Or you can go for wolfs body wrap, have not tryed it, so can't comment, seen threads on here and look impressive, not to sure if compatible with wheels, might be, someone needs to jump in and help me out on this one, was thinking this as you can use on the car bodywork.

Hope this helps.


----------



## rob929 (Aug 15, 2010)

paranoid73 said:


> Wheel Woolies in stock with PB
> 
> http://www.polishedbliss.co.uk/acatalog/eimann-fabrik-wheel-woolies-cat4.html


+1

Had the EZ brush (rubber cap fell off) and the wheel woolies are miles better. One of the best detailing purchases I've made :thumb:


----------



## DampDog (Apr 16, 2011)

Trip tdi said:


> These new vw's are lovely looking cars, congratulations on your new purchase.
> Ah, its a polo, they look nice on the road, plus the 1.2 turbo engine if i;m right, over 100 bhp, quite impressive stats for 1.2 engine, they are roomy cars as well. I love the new front light shapes vw have now, even the commercial vehicles have them.
> 
> I say ez the large one is in the step in the right direction, the soft vikan, i guess thats the black mini your on about, you might not need that.
> ...


Have loads of srp and egp, I was hesitant to use it on wheels because they can get quite warm and thought it might affect it. When I get some money saved I'm thinking of either going Werksatt of Wolf Body wrap for the paint as they both seem to be suitable for wheels too.

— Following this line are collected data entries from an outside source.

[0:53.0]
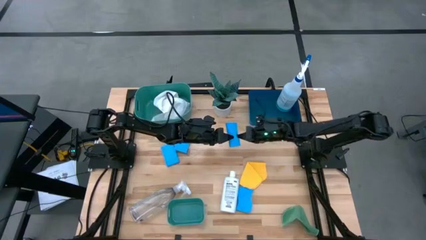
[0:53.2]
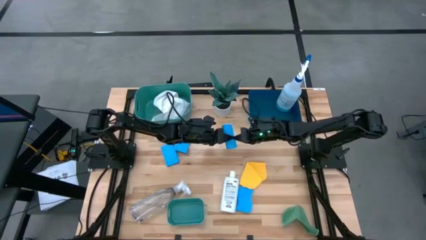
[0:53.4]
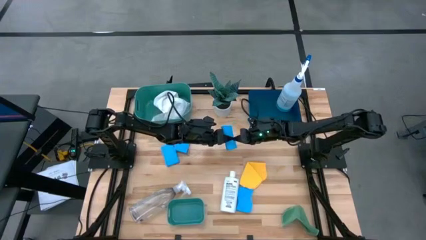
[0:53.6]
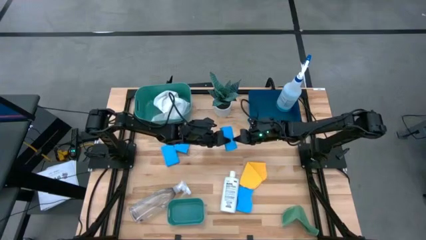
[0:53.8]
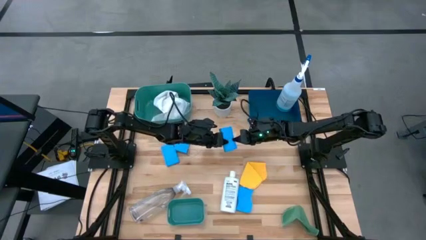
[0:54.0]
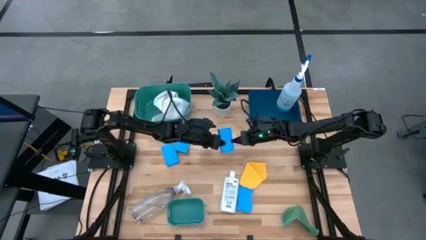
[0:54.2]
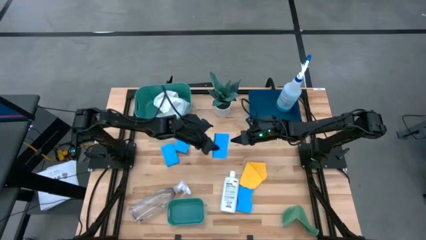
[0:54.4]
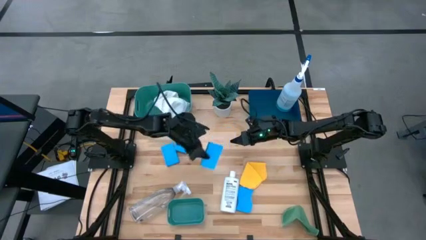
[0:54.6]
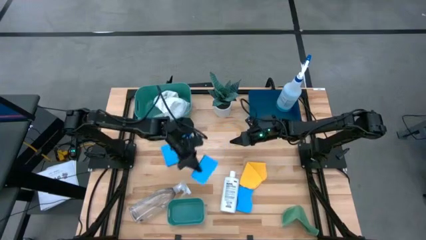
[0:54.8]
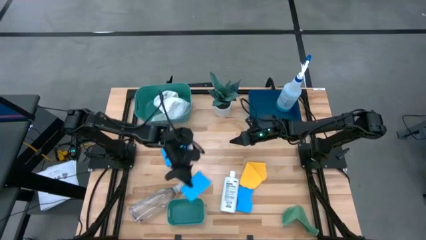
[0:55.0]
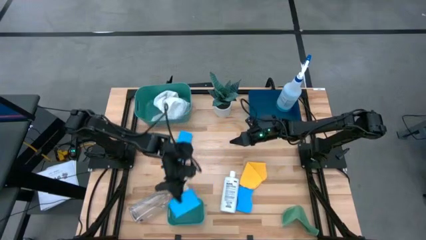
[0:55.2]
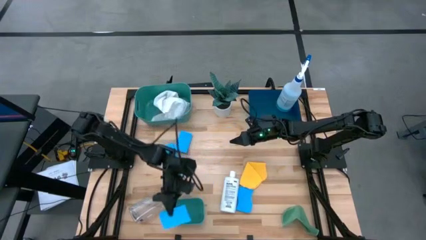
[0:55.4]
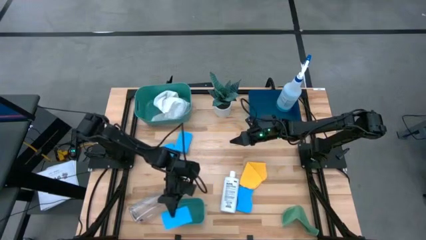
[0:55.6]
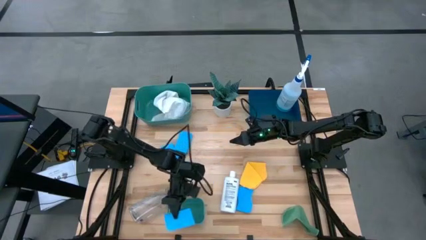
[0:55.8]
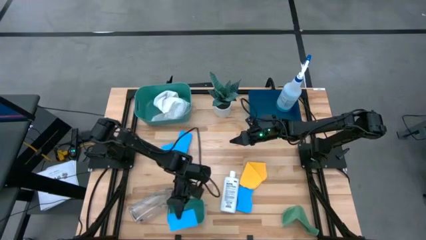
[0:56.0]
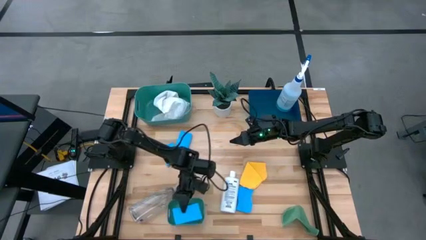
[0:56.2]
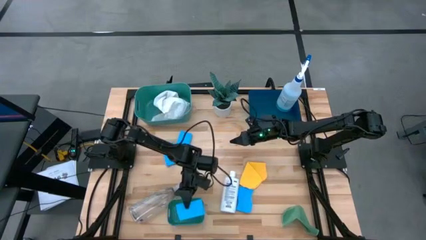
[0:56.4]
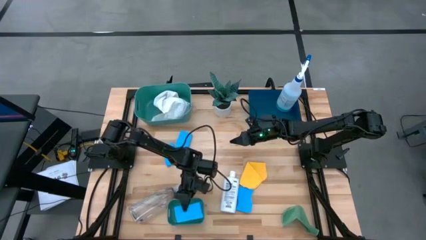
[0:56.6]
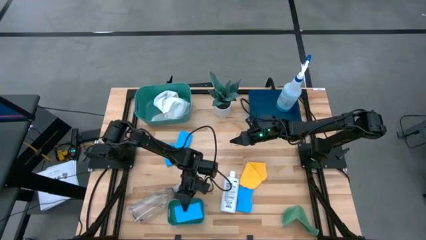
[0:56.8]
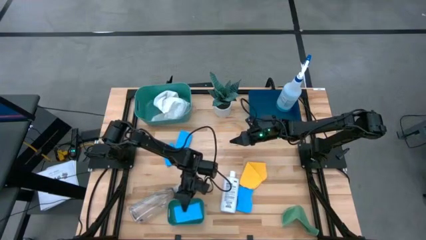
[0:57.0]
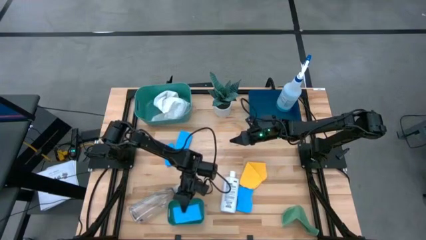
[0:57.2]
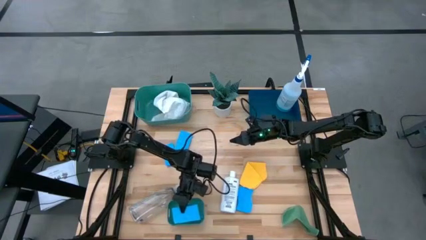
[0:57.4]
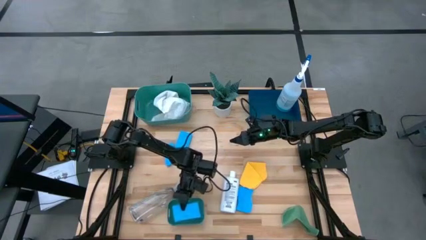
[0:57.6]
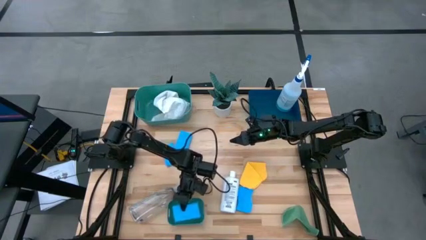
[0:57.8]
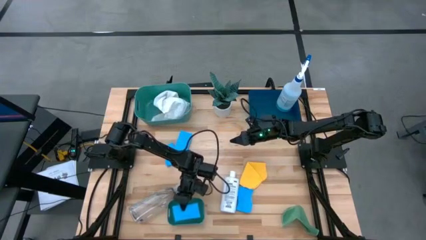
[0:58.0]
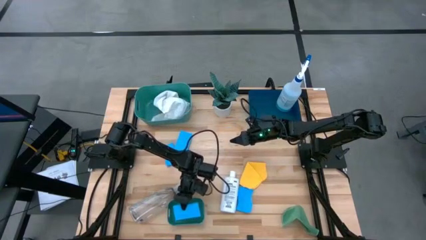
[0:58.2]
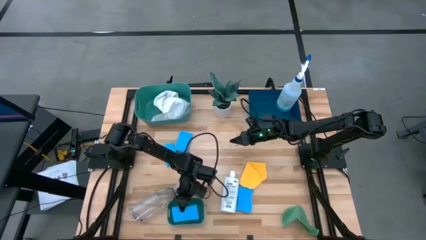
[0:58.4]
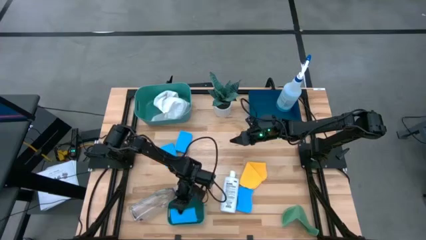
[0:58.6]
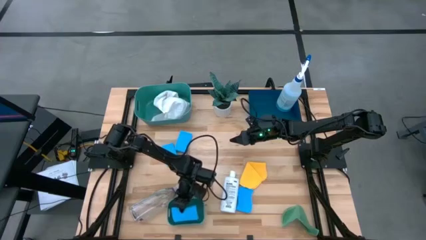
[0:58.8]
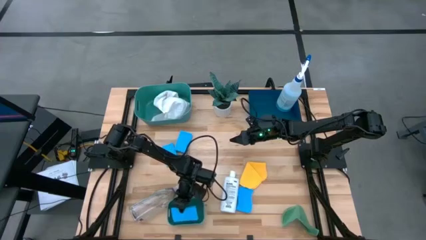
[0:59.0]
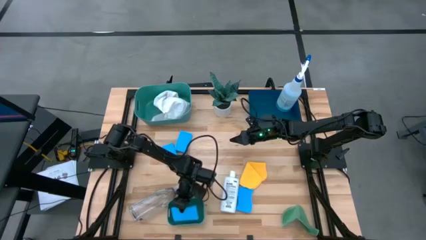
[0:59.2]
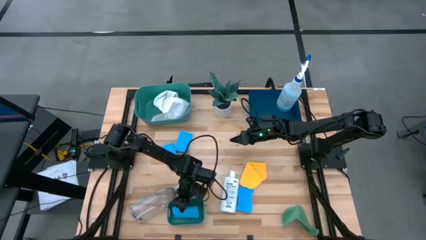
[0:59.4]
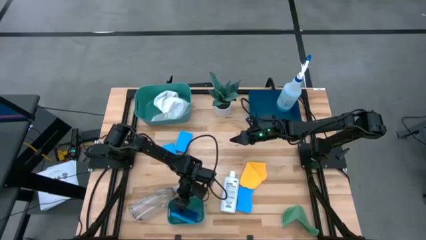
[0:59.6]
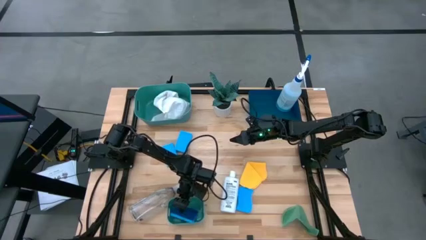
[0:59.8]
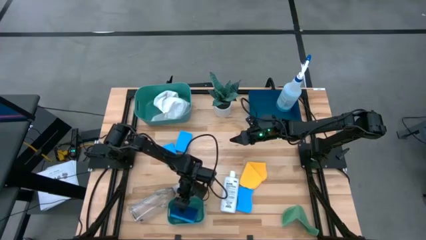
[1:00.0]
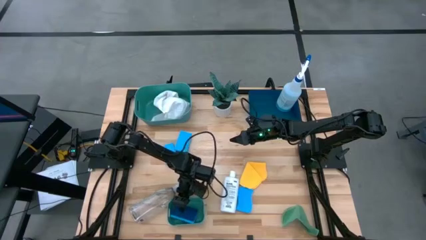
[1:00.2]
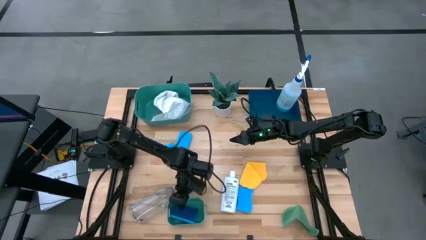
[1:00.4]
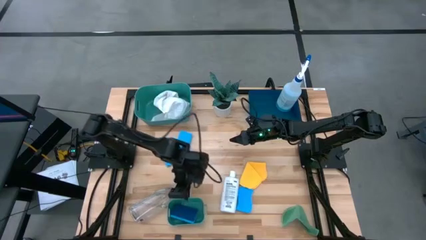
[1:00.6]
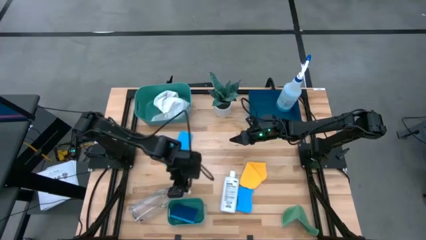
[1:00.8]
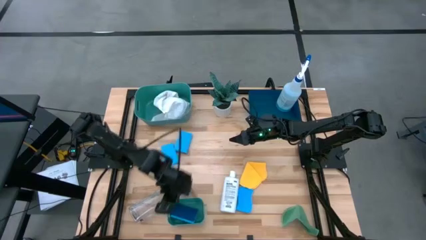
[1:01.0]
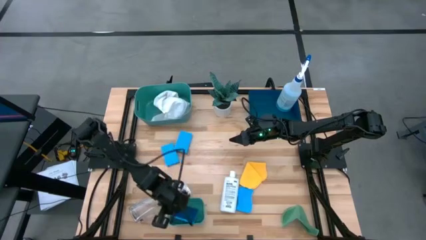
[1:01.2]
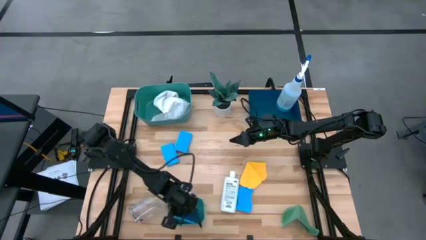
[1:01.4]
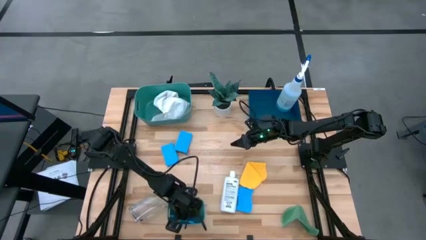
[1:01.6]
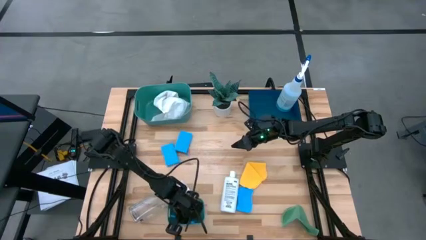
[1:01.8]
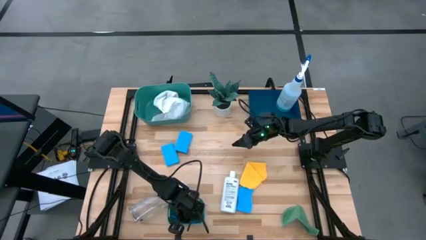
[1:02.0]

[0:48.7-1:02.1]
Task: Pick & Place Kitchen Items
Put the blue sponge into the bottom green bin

Thanks for the comments on the Polo, I'm chuffed to bits with it. Having had a Polo Tdi for 10 years, I returned to petrol for a bit of a change.

1.2 (105bhp) Tsi is an astonishing little engine, I'm sure it defies the laws of physics. Its vdubs FSI petrol injection with a water cooled charge cooler and turbo. From what I've read it's one of the first cars to use an electronically controlled waste gate to optimise boost at all rpm. It's unreal at 28mph it wants 4th gear and pulls.. It's almost like having two cars, one an ecomentalist, the other a sporty little run around. Pull in 6th at 70mph is remarkable. Plus I'm seeing 46-47mpg

My old baby and my new..

http://www.detailingworld.co.uk/forum/showpost.php?p=2844725&postcount=478


----------



## Trip tdi (Sep 3, 2008)

wow, your old one you part exchanged looks in tip top condition, i bet the sales man said this car does not need valeting at all.

The new really looks fab, i need to testdrive one of these, i was not aware they had six speed for a 1.2 engine, i drive a pd engine, its old, thats got 6 speed.

Mines a old car, i own a vw as well, does need a good tlc all road, bodywork and servicing wise.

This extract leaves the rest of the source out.